Thanks for the heads up. I'll put in on my calendar. Looking forward to it.


----------



## Mark Lynn (Sep 30, 2007)

And for those in the Dallas Ft. worth area SM Dan will be here on the 14th the next weekend at the Grapevine Rec. Center.

Dan, I finally talked to Don late last week,  Seems we might have been at a couple of the same seminars about 10 or so years ago (Heck we might have even trained some together, you know when we switched partners and all doing drills) at one of the Professor's summer camps and one of Hock's.  I'm looking forward to meeting him at your seminar.

I talked to a couple of other instructors (training partner's of mine) and hopefully they will be able to make it, right now they are a go.  Michael and I are planing on being there as well.
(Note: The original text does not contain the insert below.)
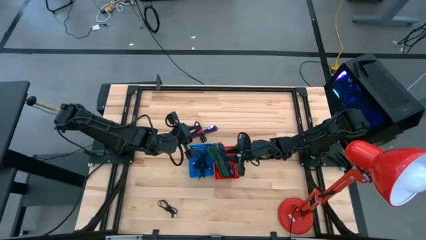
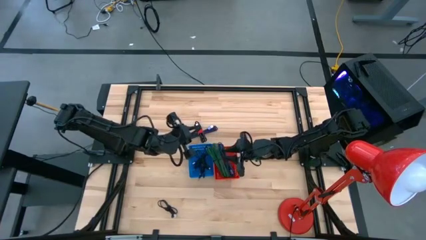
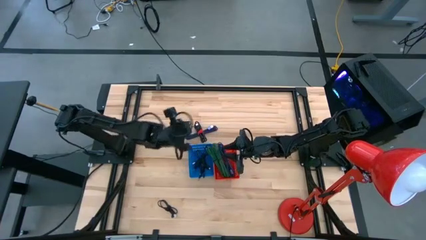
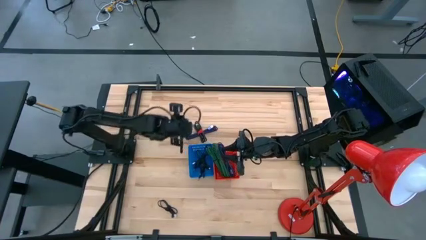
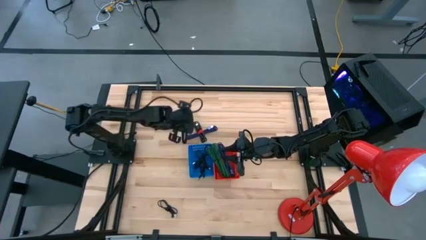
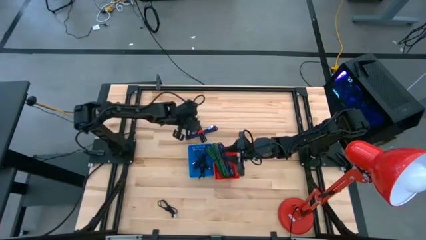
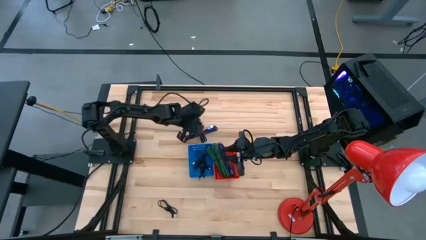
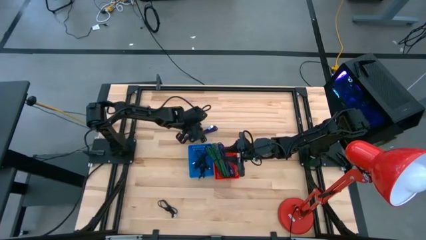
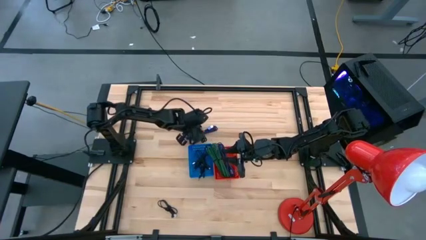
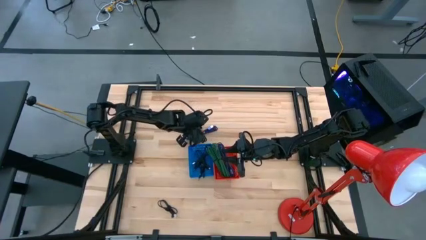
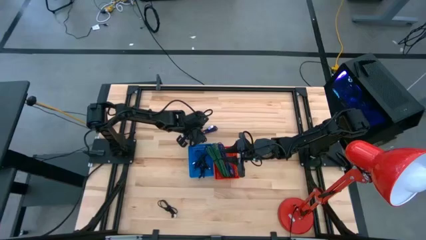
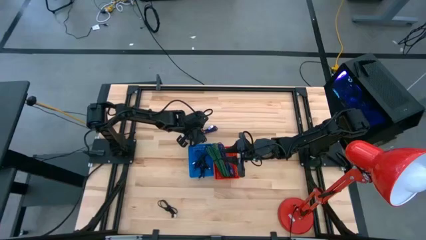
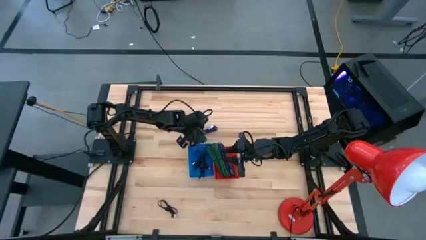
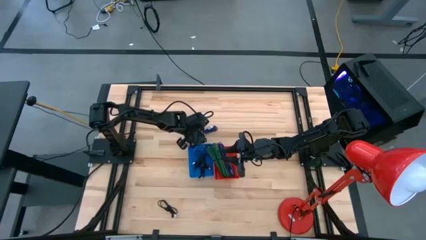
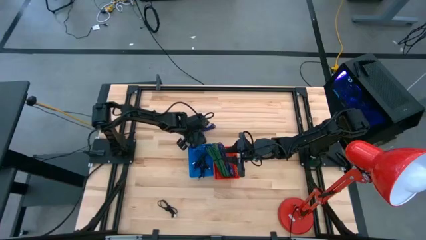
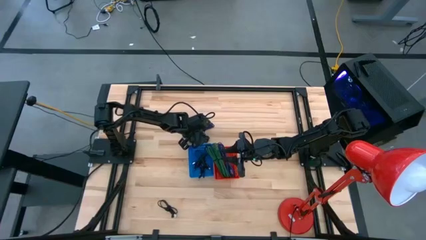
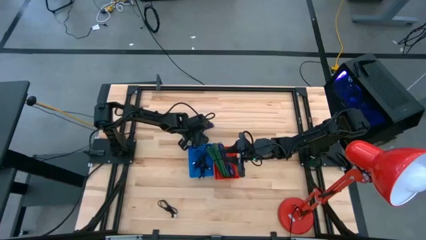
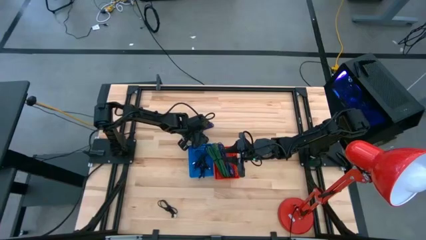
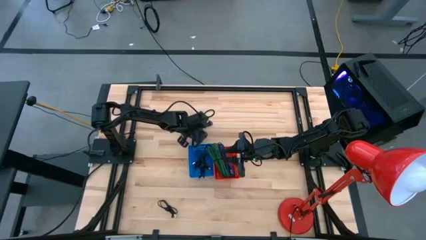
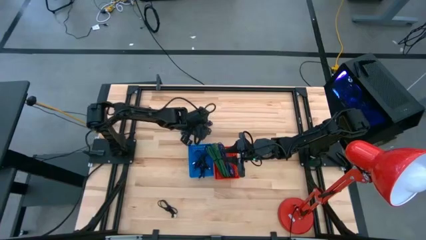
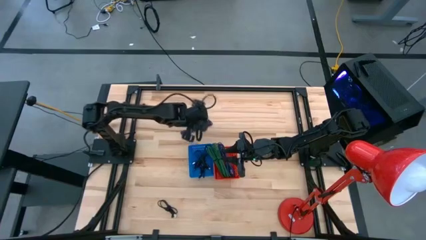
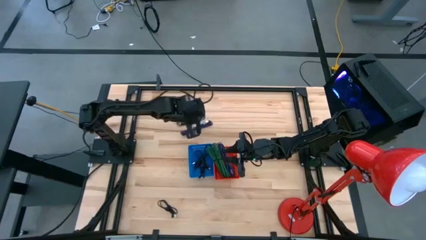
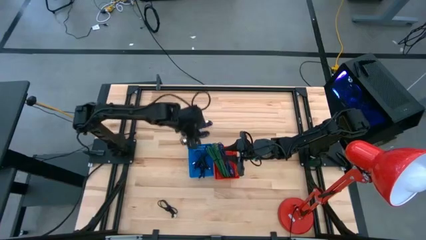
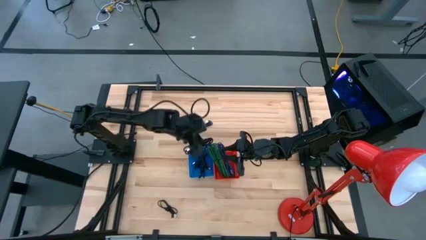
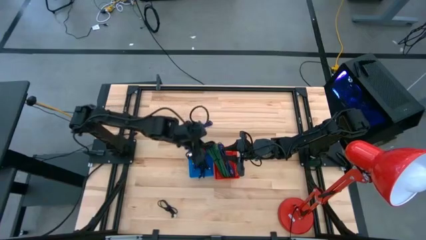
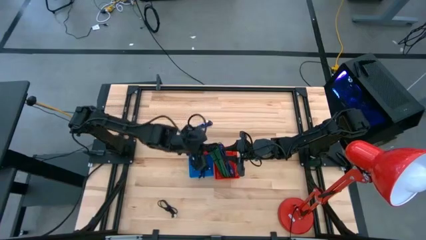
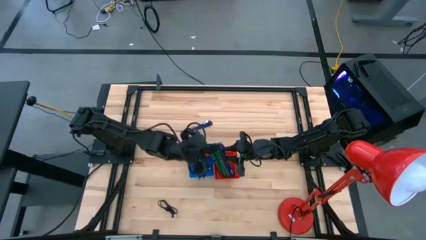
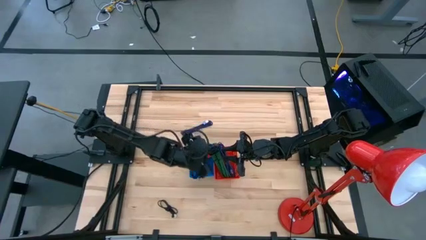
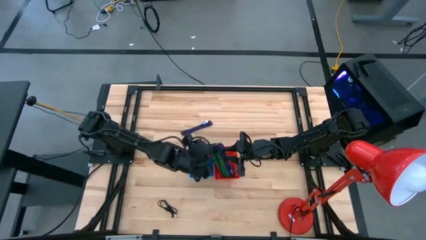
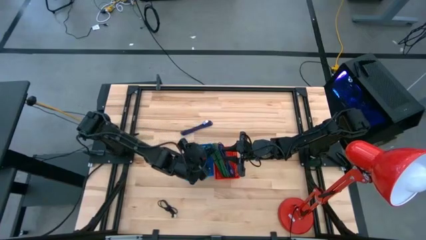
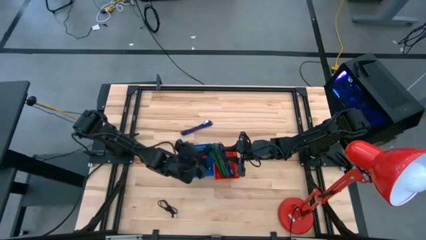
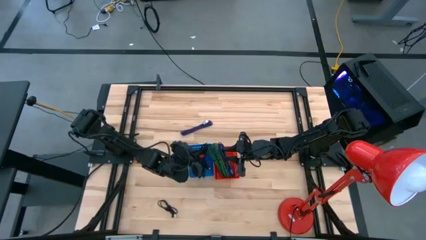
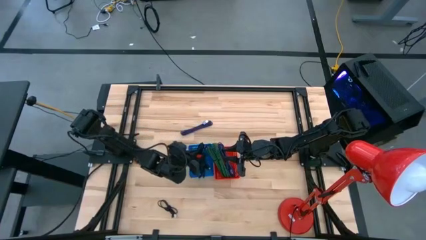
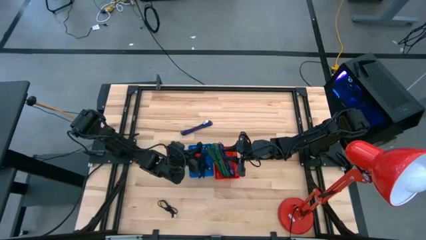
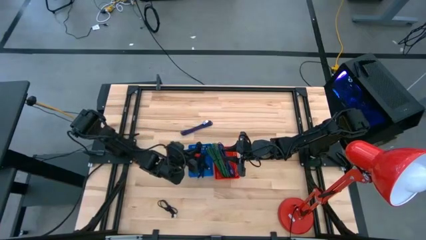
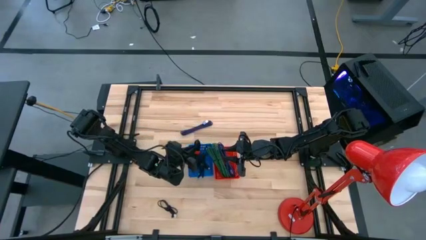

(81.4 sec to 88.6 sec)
Task: Pick & Place USB Port
Put the black USB cable into the blue basket

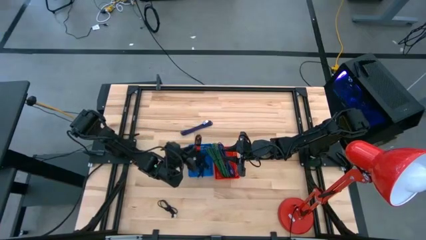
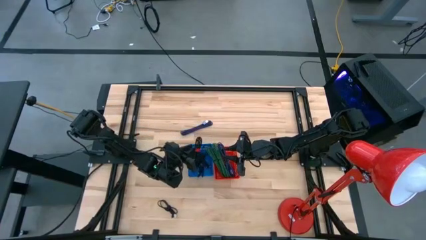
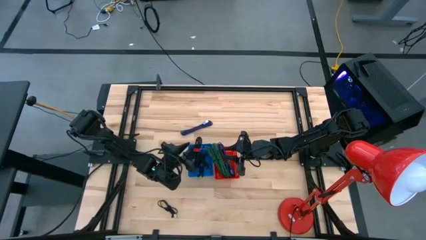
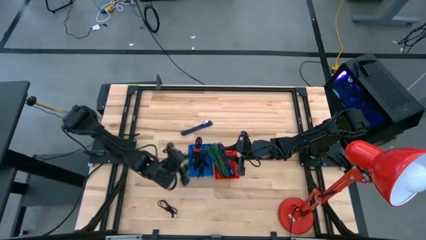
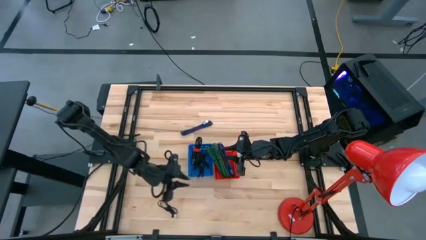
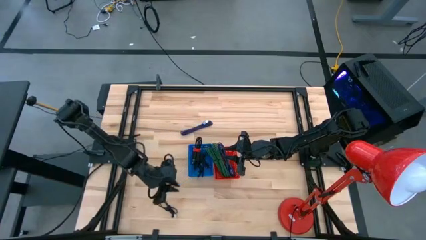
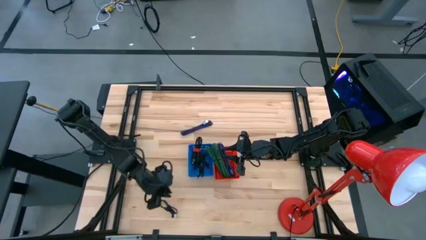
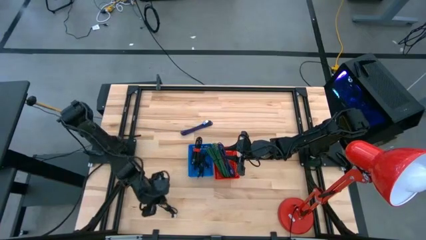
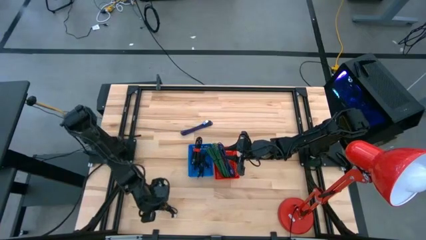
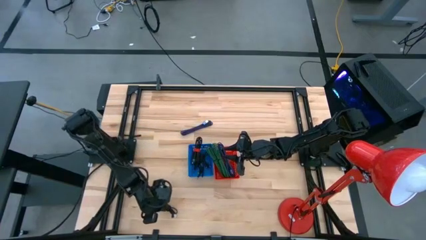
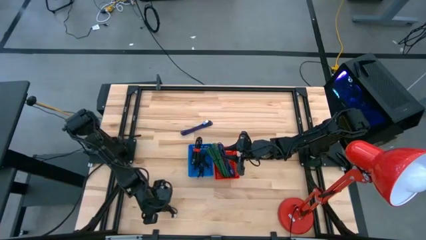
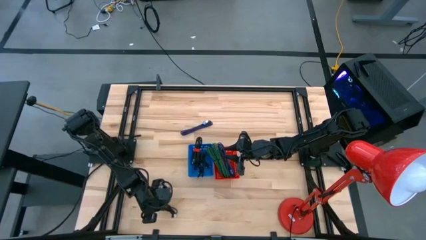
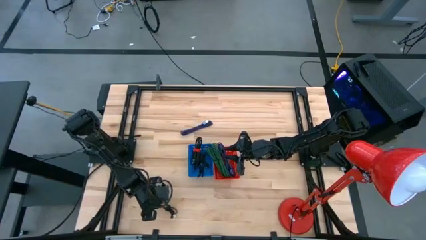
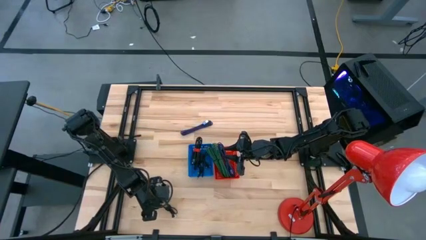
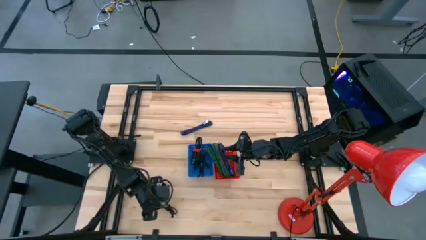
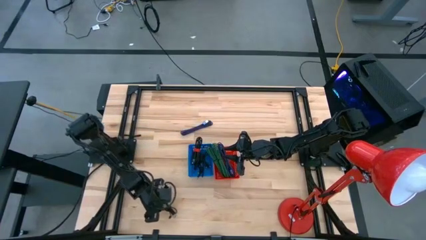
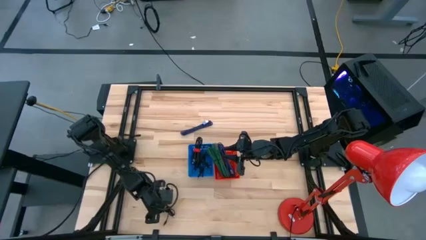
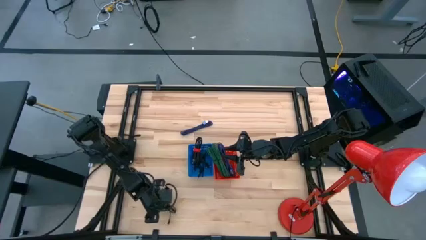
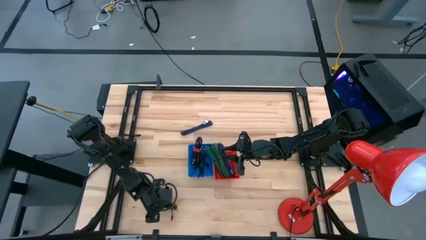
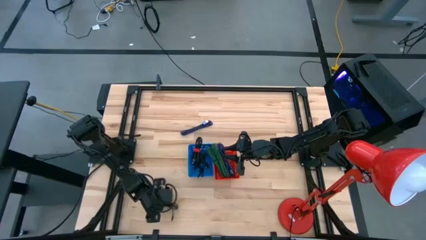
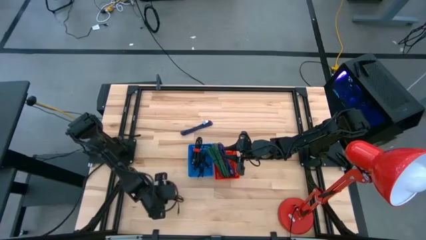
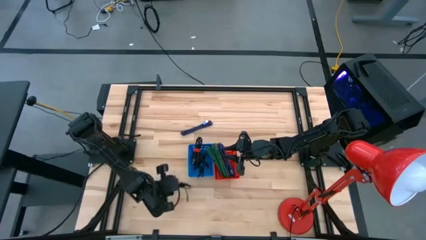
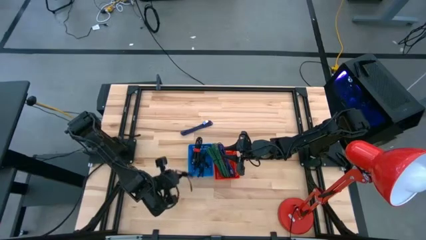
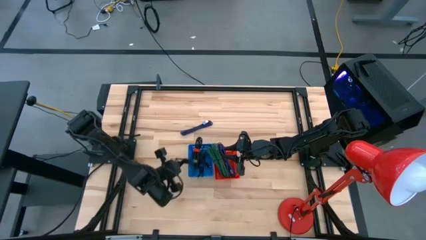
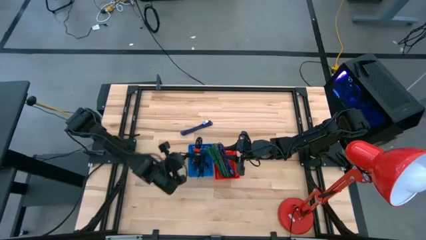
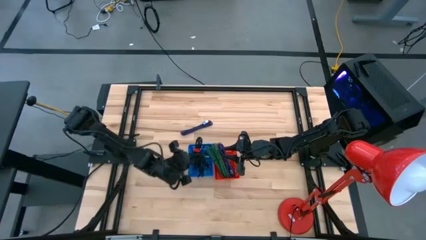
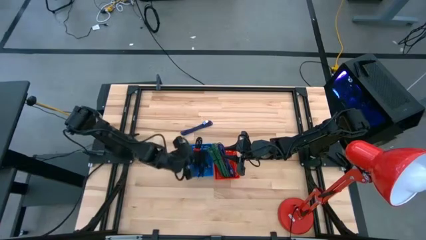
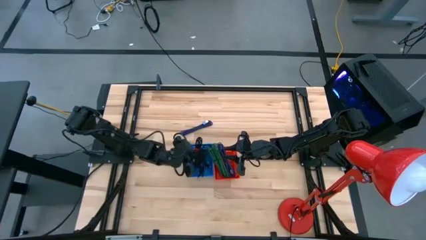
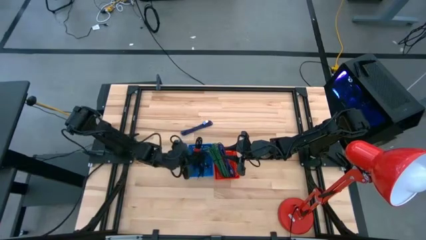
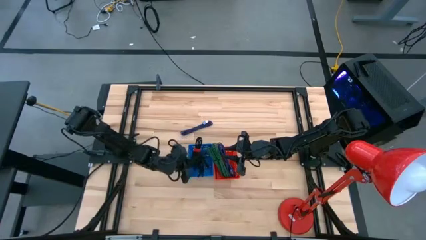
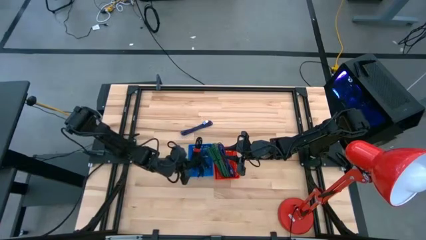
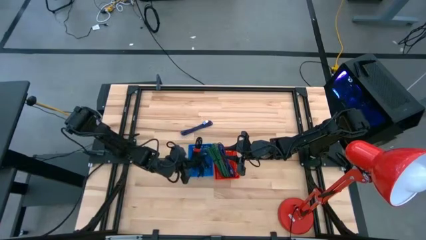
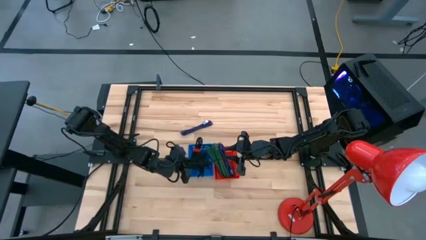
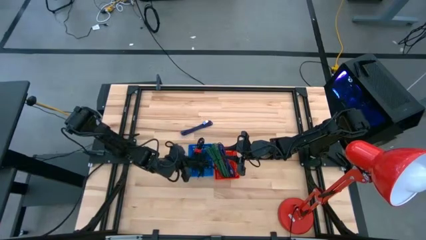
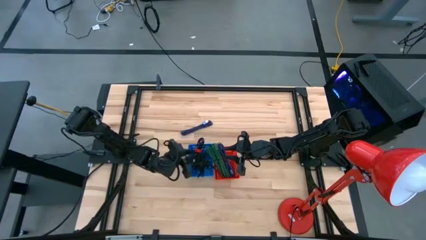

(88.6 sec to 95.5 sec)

Your karate sparring seminars where are they at and what are you planning to teach there?  Is it kid or adult orienated?  If it is kid orientated I might see if any of my students would like to go, plus my middle son.

For the Arnis seminar are you teaching a set basic program or are you going to spread it out some for different skill levels?

Thanks for the MA80 info you sent me

Mark


----------



## Dan Anderson (Oct 15, 2007)

Hi All,

Here is a review of the seminar.  We had a good time.
http://www.filipinomartialartsmuseum.com/Events/Dan_Anderson_seminar-7Oct07.html

Yours,
Dan Anderson


----------